Please ensure that your submission reflects your own personal entropy data (i.e., do not accidentally
submit something for another AUID). Late submission after 8.30 pm on the 19th will attract a penalty
unless Sonny or I have given you an extension beforehand – and “beforehand” means applied for no
later than the 18th, not half an hour before deadline ;-)
For completeness we are also required to point out the University’s academic honesty policy to you:
https://www.auckland.ac.nz/uoa/cs-academic-honesty/
Questions and Answers
Q: I’d like to use some Java data structures other than you have provided, from a common package. Is
this OK? A: Please don’t – there is no guarantee that the marker’s environment will have your package
installed.
Q: Can I use my own Java classes? A: No. Please use the ones that are provided.

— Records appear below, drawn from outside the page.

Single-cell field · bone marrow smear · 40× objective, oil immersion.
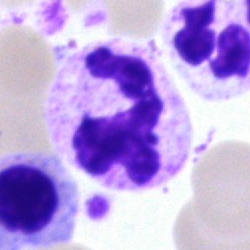 Showing a segmented neutrophil.
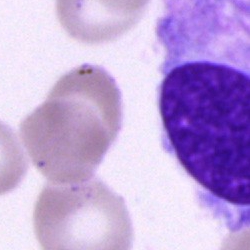
Cell: unidentifiable cell.
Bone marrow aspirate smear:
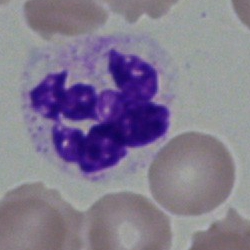
This is a segmented neutrophil.
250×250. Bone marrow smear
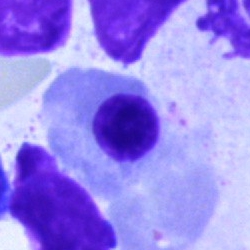
Cell = nucleated red blood cell.
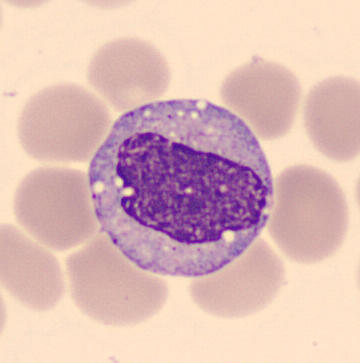Cell — monocyte. Peripheral blood smear.
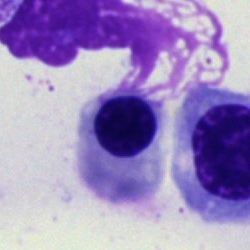

Classification = nucleated red cell.
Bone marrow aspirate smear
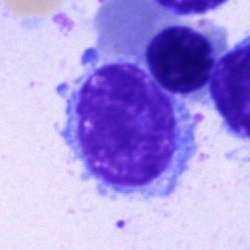 The classification is lymphocyte.
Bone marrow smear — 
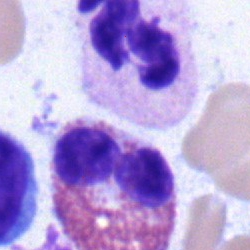The cell shown is a neutrophil (segmented).
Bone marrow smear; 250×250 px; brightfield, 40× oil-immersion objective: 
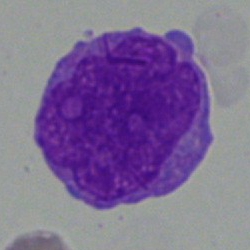 Q: What is the morphological classification of this cell?
A: Blast.
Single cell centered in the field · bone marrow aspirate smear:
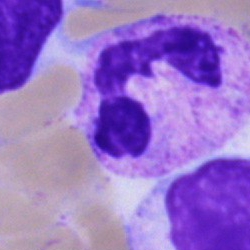

A segmented neutrophil.
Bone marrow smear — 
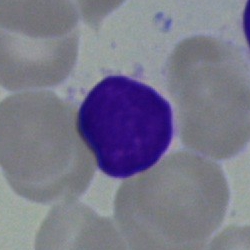Specimen: bone marrow smear.
Cell: lymphocyte.
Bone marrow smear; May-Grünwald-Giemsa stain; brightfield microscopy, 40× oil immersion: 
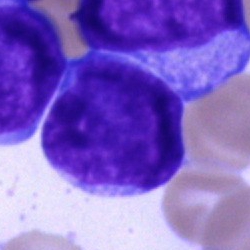 Q: Identify the cell.
A: This is an undifferentiated blast.
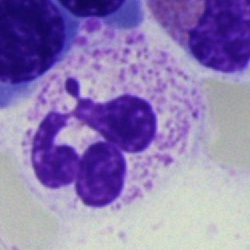Classification — neutrophil (segmented).
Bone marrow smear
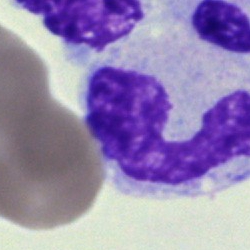

Impression — band-form neutrophil.

Q: Can I rename LZ77FileInputProgram? A: For your own testing, yes, but once you submit your
class must be called LZ77FileInputProgram and must be in a file called
LZ77FileInputProgram.java.
Q: Should there be anything else in the PDF file other than the plot with the curves for the number of
steps for the various algorithms? A: No, but if you would like to include any explanations for the marker
then that is OK.
Q: Why do I need to download personalised files? A: This is so we can ensure nobody copies anyone
else’s work ;-)
Q: The numbers I get for the elementary operations are a little different from your sample solution. Is this
a problem? A: This could be brought about by me or you not accounting correctly for each and every
operation, or counting operations as part of the algorithm that are actually part of the algorithm’s
“accounting”. Possible causes could be:
? Failing to account for the identification of the innovation
? Failing to account for elementary operations in the conditions of if-statements, while- or forloops:
every operator such as +, -, ==, >, &&, ||, etc. represents an elementary operation here!
? Using a string comparison or substring extraction method and counting it as a single elementary
operation of O(1) when in fact the complexity is of O(lengthOfString).
Otherwise if the difference is really small (i.e. if you get something like 979,355 when I get 982,421) and
the overall order of the algorithm’s behaviour is the same, then this is negligible and won’t cost you any
marks.
Q: Can I submit separate applications for the basic LZ algorithm and the LZ77? A: No.
Q: What would a good proof or experimental evidence in the theoretical part look like? A: What would
convince you that a claim I make is true? What do you think will convince me that a claim you make is
true? Think about what is needed and be creative! Any sound argument will be accepted, but a simple
repetition of the claim won’t earn you marks (even if it’s repeated three times – that’s handwaving ;-)).